Racial profiling on campus: debate reignited

By Scott Jaschik, for Inside Higher Ed

一月 26, 2015

The debate over racial profiling – already a hot topic on many US college campuses – gained renewed attention this weekend when Yale University police briefly detained a black male student. Black students and faculty members at many campuses charge that racial profiling is a fact of life for them, but this student’s experience immediately attracted wide attention. His father is a New York Times columnist who has written about racial profiling and whose Twitter feed attracts many eyeballs.

Charles M. Blow posted several tweets about the incident, saying that his son was held at gunpoint, and that the incident left the father angry. “He was let go when they realized he was a college student and not a criminal (he was leaving the library!) He’s shaken, but I’m fuming!” wrote Blow. Many of his 122,000 followers quickly spread the word about the incident.

Blow wrote that the incident reinforced his view of the importance of drawing attention to the issue of racial profiling. “Recent events reinforce what many have been saying for years: have a convo w your children abt what to do when interacting with authorities,” he wrote.

A later column by Blow in the New York Times offers more details on the incident. He said he understood the need for police, at Yale and elsewhere, to look for people who match descriptions of various suspects. But he questioned why his son was stopped on campus at gunpoint and told to get on the ground.

“Why was a gun drawn first? Why was he not immediately told why he was being detained? Why not ask for ID first?” Blow wrote. “What if my son had panicked under the stress, having never had a gun pointed at him before, and made what the officer considered a ‘suspicious’ movement?

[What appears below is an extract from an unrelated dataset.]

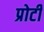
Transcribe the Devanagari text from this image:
प्रोटी
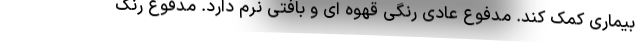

Had I come close to losing him? Triggers cannot be unpulled. Bullets cannot be called back.”

The column closes this way: “The dean of Yale College and the campus police chief have apologized and promised an internal investigation, and I appreciate that. But the scars cannot be unmade. My son will always carry the memory of the day he left his college library and an officer trained a gun on him.”

Yale officials acknowledged to Inside Higher Ed that a student was briefly detained and then released. A spokeswoman declined to confirm that the student was Tahj Blow, the son of Charles Blow, or that he was held at gunpoint.

A spokeswoman said that Yale’s police department would review what happened, and she described the events that led to a student being detained.

She said that students in one of Yale’s residential colleges – which has experienced burglaries in the past week – reported that an individual had been entering rooms under false pretences. Students described the suspect as a tall African American male, college aged and wearing a black jacket. That description was sent to campus police, the spokeswoman said, and was the reason the student was detained.

After the student was released, a suspect was arrested.

Other incidents in the past year in which alleged racial profiling by campus police or police of college towns has been an issue in the US:

  • In December, essays by two Vassar College professors that, among other things, discussed the way they were treated by local police, attracted wide attention. The headline on one of the essays – “My Vassar College Faculty ID Makes Everything OK” – focused on the way the authors write that black people are suspected until they can demonstrate a connection to the college.
  • In June last year, a black professor at Arizona State University was arrested by campus police in an incident that was prompted by jay-walking that the professor’s supporters said would never have led to the questioning of white faculty member. Video showing the campus police body-slamming the professor attracted widespread concern. The professor is now suing Arizona State, which is moving to fire the police officer in the incident.
  • In July last year, the University of California at Los Angeles agreed to pay $500,000 (£332,000) to settle complaints of use of excessive force and racial profiling against a black judge during a traffic stop. The UCLA Black Alumni Association will receive $350,000 of the payment, to be used for scholarships. UCLA also agreed to hold a one-day forum on police-community relations. The case was detailed in an article in The Los Angles Times.
  • A year ago, black student and faculty groups at the University of Minnesota-Twin Cities asked the police there to stop using racial descriptions in crime alerts, saying that such descriptions encouraged racial profiling. The university denounced racial profiling but declined to change the way it described suspects in crime alerts.